Looking at the distribution of the transactions across the 24h window, we can see that fraudulent transactions were mostly performed late at night or early in the morning. So for the initial version of the rule, we can try to use the condition HOUR_OF_DAY < 5:

RULE 1a: if (HOUR_OF_DAY <=5) then ALERT()

Looking at this rule efficacy, we see that it hits 5 out of 6 frauds (TP=5) but also generates 2 false positives (FP=2). And since we are more focused on low FP we will adjust the rule.

RULE 1b: if (HOUR_OF_DAY > 1 and HOUR_OF_DAY <=5) then ALERT()

This adjusted rule will have TP=4 (so we are missing 2 out of 6 frauds), but it has FP=1.

We did improve the initial condition and decreased the FP but also decreased the TP; now, let's look at whether we can use other interesting characteristics in our rule.

One of the most common, if not the most common field/column used in almost any rule will be TNX_AMT - transaction amount. It is often used to filter out very low-amount transactions, which - even if fraudulent - wouldn't make sense to investigate as the investigation cost might be higher than the lost amount. So let us expand our dataset with this new column.

Let us visualize the transactions using both characteristics - HOUR_OF_DAY as well as TNX_AMT:

When we look at the transactions layout and focus on the x-axis representing the amount, we observe that the majority of the transaction are placed beyond 450 (LCY = local currency). So using this information, we adjust the rule accordingly.

RULE 2a: if (HOUR_OF_DAY <=5 and TNX_AMT >= 450) then ALERT()

This new rule hits 5 out of 6 frauds (TP=5), but it also generates 1 false positive (FP=1). And since we are more focused on low FP we will adjust the b) version of the rule.

RULE 2b: if ((HOUR_OF_DAY > 1 and HOUR_OF_DAY <=5) and TNX_AMT >= 450) then ALERT()

This version of the rule hits 4 out of 6 frauds (TP=4), but it doesn't generate false positives (FP=0), and that is very good news.

Repeating our previous process, we look for another relevant indicator that might improve the KPIs of the rule we have designed so far.

Another characteristic would be whether the transaction was performed locally or outside the country (domestic vs. international transactions). This might make a lot of sense, especially with the first characteristic - HOUR_OF_DAY. International transactions can happen locally at any hour of the day because of different time zones. So if we were observing a lot of fraudulent ATM transactions happening at night time or in the early morning hours, this would not necessarily be the case for international transactions happening on the other side of the globe.

Visualizing 3rd metric would require 3 dimensions, but we will cheat it by using icons depicting whether the transaction is domestic (house icon) or international (plane icon).

Looking at the visualization, we can adjust our rule as follows:

RULE 3: if ((HOUR_OF_DAY <=5 and TNX_AMT >= 450 and DOM_INT_FLG = "Domestic") then ALERT()

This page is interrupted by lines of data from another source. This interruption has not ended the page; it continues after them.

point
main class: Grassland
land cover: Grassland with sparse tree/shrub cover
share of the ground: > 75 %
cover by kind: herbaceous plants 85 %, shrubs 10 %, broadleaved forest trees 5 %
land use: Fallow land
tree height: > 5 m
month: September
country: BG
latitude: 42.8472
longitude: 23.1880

Now this rule is an adjustment of version 2a) of our rule, but as we can see, it gives better KPI metrics. This rule can capture 5 out of 6 frauds (TP=5) while not triggering false positives (FP=0).

Conclusion

This way, we could continue to test further patterns and try to capture the last remaining fraud (from our sample dataset) or create a separate rule targeting only international ATM withdrawals. Nevertheless, for our example, we conclude the current task at hand and consider the rule good for deployment into production.

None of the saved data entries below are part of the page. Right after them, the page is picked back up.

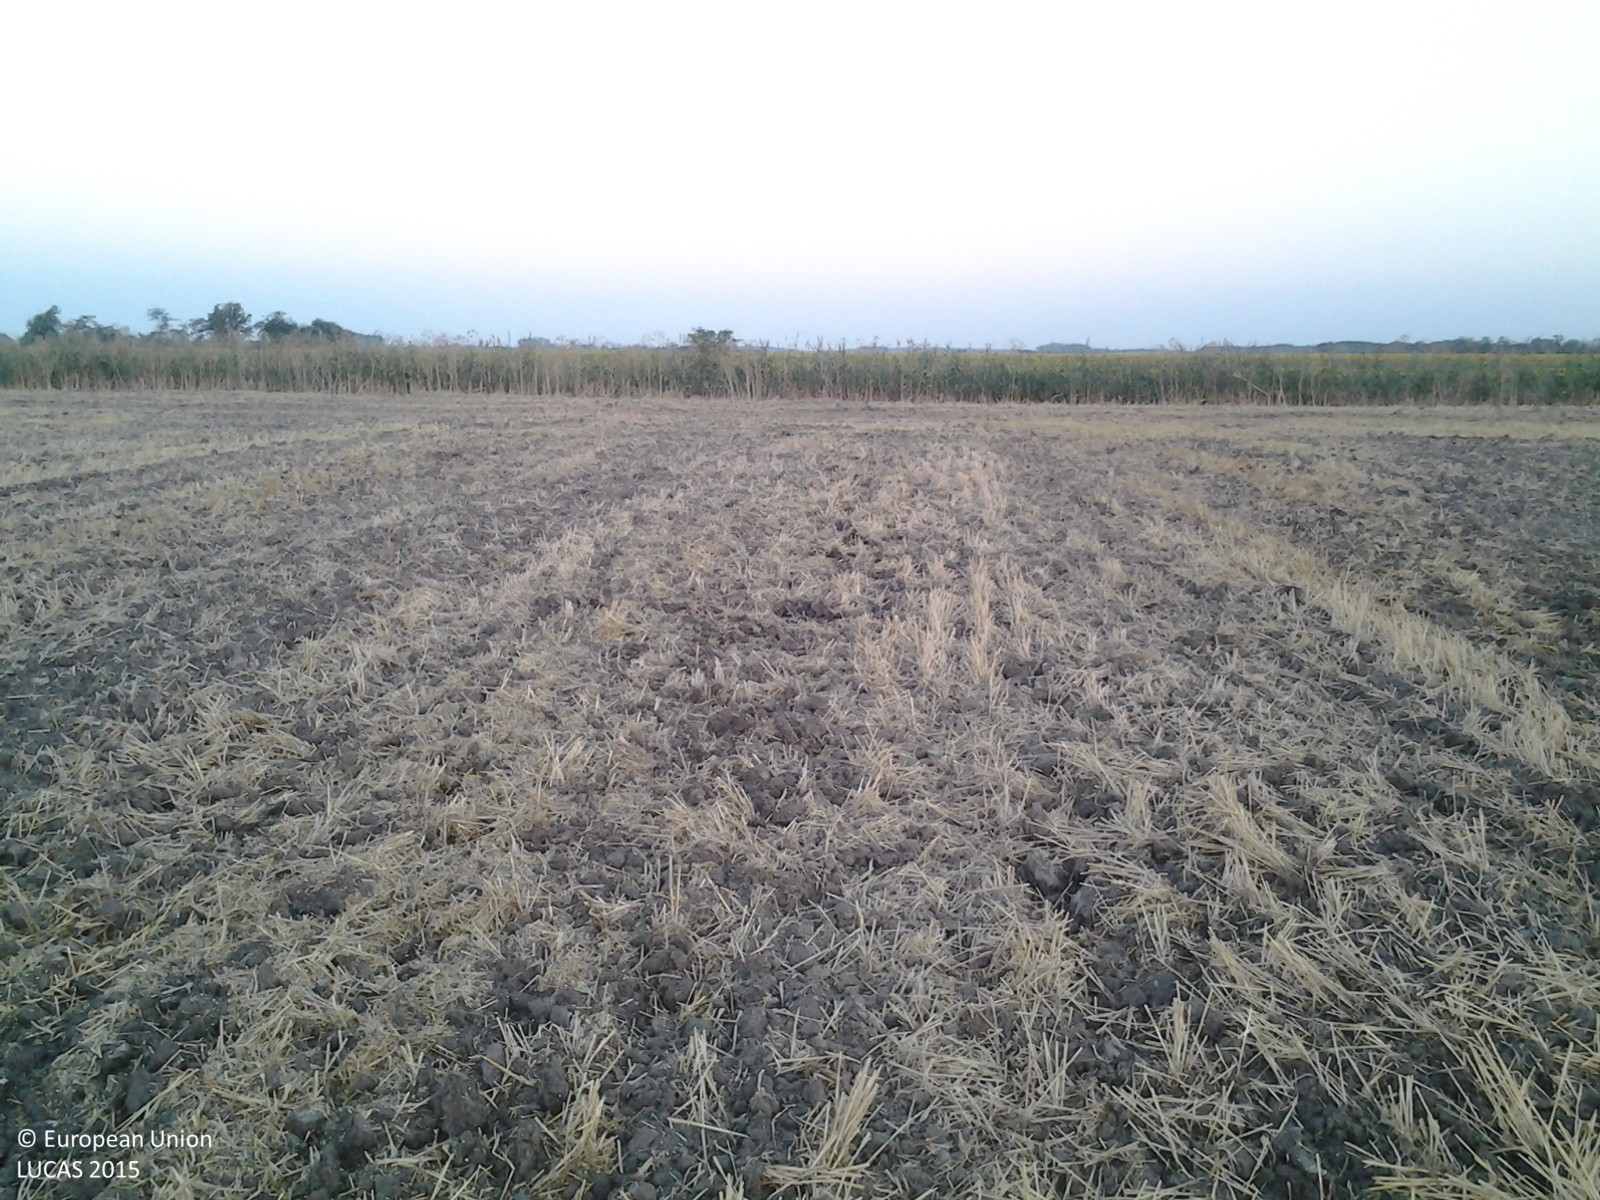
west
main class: Cropland
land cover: Common wheat
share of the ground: > 75 %
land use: Agriculture (excluding fallow land and kitchen gardens)
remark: Harvested field
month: July
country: HU
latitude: 47.0617
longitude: 20.9222
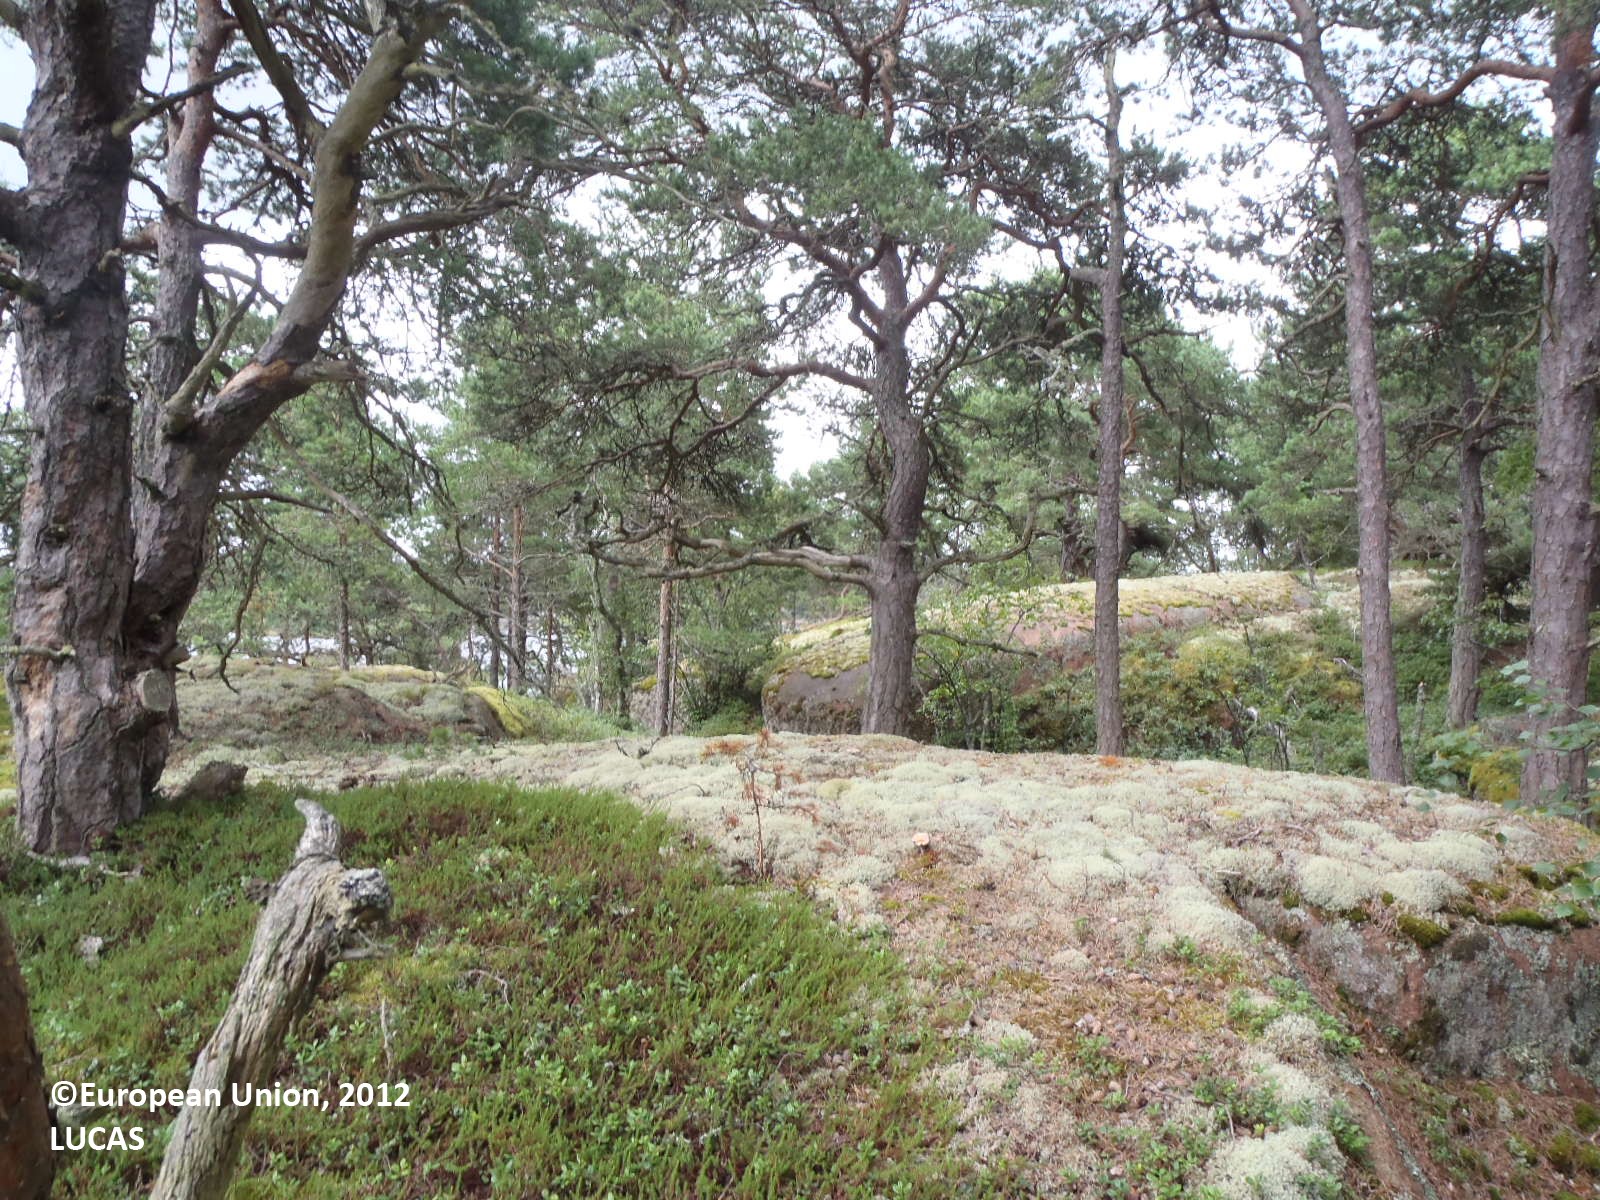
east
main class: Woodland
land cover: Pine dominated coniferous woodland
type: boreal forest
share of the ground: 50 - 75 %
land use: Semi-natural and natural areas not in use
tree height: > 5 m
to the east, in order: Pine dominated coniferous woodland; Rocks and stones; Pine dominated coniferous woodland
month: August
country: FI
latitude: 59.9911
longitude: 20.2095

But as you are probably well aware, it will not be as straightforward as in our above example. You will potentially work with thousands or millions of transactions, among which you will have a few tens or hundreds of frauds. So the best approach to tackle the wide variety of fraud cases is to divide and conquer. That means selecting certain types of fraud with common behavior patterns and mitigating them one by one, ordered by priorities (number of incidents, loss amount, etc.)

Only next best to this approach is leveraging the power of analytics, which will help you construct more accurate models (rules), though sometimes with less explainable structure. But this is a topic for another blog.